While one-sample scenarios were commonly used for educational purposes, “most research

studies require the comparison of two (or more) sets of data” (Gravetter & Wallnau, 2000, p.

311). Two-sample t tests would compare the means of two samples against each other, treating

each as representative of a potentially distinct population, to determine whether their differences

from one another were statistically significant. There were two kinds of two-sample t tests.

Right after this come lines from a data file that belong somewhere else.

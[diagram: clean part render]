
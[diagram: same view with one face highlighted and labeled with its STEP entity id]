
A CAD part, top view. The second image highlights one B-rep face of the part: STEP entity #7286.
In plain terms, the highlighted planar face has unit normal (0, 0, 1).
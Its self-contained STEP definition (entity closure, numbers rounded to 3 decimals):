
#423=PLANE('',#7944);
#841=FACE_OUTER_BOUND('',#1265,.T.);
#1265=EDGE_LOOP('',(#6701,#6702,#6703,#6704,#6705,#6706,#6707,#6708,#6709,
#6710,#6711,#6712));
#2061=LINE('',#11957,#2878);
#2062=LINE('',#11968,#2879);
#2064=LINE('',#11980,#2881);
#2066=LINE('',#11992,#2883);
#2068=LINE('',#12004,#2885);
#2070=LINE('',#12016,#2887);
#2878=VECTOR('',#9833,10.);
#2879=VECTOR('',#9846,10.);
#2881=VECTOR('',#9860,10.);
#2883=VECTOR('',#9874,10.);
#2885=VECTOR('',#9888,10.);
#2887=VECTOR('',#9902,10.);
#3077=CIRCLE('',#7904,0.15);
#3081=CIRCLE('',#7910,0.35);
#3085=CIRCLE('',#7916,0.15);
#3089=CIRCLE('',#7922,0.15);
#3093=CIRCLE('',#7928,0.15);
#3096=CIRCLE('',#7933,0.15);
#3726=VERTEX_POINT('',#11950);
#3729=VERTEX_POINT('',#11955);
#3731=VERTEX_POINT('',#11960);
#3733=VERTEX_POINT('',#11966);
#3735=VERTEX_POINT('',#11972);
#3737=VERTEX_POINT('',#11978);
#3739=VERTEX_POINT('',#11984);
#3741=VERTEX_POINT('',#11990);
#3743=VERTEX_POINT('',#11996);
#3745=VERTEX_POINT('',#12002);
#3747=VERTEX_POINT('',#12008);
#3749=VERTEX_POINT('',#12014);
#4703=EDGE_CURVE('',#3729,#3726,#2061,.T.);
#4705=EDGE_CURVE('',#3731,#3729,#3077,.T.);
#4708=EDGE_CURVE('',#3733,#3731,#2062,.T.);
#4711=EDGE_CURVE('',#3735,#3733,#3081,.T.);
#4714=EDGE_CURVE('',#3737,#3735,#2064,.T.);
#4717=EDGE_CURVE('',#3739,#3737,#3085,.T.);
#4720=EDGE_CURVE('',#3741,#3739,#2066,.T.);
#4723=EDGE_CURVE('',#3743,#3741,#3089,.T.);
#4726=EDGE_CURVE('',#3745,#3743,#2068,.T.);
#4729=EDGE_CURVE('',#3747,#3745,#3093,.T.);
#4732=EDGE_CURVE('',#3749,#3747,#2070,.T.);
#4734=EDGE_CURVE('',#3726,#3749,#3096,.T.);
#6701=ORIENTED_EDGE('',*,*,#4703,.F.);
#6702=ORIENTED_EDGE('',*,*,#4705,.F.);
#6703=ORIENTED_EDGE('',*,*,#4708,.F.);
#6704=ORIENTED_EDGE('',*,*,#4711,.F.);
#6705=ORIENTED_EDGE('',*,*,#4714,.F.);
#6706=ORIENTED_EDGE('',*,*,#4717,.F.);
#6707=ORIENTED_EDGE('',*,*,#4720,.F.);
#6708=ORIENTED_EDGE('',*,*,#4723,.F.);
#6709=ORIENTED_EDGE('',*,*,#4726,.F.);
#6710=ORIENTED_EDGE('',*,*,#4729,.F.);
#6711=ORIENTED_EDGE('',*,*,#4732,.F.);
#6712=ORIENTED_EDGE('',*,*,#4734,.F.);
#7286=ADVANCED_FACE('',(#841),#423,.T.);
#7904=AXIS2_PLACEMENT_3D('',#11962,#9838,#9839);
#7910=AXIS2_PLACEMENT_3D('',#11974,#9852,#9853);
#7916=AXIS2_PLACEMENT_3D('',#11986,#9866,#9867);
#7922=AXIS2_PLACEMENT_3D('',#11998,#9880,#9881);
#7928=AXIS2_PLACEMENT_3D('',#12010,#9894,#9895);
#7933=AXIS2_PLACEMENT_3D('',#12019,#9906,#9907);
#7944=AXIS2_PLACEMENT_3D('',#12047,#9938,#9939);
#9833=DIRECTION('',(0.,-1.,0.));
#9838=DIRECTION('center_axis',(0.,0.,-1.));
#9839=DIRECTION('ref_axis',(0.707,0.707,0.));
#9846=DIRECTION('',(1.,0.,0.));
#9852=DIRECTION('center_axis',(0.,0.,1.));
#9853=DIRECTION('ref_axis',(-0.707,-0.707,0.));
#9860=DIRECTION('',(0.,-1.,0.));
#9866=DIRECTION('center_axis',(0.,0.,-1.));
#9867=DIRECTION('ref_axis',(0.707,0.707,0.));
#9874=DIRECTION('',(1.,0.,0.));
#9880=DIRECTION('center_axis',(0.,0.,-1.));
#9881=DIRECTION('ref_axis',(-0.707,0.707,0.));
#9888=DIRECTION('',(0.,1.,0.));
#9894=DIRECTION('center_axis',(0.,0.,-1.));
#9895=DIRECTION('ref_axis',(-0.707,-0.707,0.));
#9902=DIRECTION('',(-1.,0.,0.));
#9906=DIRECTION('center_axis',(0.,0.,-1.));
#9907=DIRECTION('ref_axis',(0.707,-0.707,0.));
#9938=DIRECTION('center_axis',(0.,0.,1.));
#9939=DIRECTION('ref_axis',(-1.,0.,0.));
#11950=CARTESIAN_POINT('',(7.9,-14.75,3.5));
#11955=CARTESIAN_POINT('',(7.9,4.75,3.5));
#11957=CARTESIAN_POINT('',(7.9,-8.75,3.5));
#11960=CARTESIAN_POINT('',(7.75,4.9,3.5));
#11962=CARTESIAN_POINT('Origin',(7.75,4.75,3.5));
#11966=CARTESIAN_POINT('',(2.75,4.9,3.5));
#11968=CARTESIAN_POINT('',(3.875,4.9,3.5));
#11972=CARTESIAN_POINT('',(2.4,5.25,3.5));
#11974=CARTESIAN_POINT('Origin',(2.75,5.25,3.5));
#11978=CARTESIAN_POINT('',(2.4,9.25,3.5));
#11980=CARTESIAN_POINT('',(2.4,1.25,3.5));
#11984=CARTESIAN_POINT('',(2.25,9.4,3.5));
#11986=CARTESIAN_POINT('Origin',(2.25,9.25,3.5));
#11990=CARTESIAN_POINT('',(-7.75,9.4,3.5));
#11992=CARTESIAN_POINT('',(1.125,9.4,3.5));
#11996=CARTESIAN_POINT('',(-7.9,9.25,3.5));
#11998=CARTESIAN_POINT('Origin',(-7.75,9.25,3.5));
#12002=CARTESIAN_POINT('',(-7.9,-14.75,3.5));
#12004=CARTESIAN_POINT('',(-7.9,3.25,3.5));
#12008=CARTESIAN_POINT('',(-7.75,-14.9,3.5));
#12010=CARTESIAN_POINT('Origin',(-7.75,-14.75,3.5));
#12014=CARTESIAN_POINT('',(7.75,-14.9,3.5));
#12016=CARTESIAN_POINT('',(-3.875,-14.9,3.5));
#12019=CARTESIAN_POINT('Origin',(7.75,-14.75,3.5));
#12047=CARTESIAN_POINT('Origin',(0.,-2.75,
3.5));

Paired (also known as “dependent” or “related”) samples would involve matching of individual

data points. For example, the same person might be tested before and after a treatment.

Unpaired (also known as “independent”) samples would have no such relationship; for example,

the 40-year-old men cited in the previous paragraph would be in two separate (control and

treatment) groups, without any one-to-one correspondence or pairing between individual men.

In that example, the (generally nominal or ordinal) independent variable

would be the treatment – it would lead the inquiry, providing the basis for grouping – and the

thing being studied (e.g., weight) would be the (integer or ratio) dependent variable.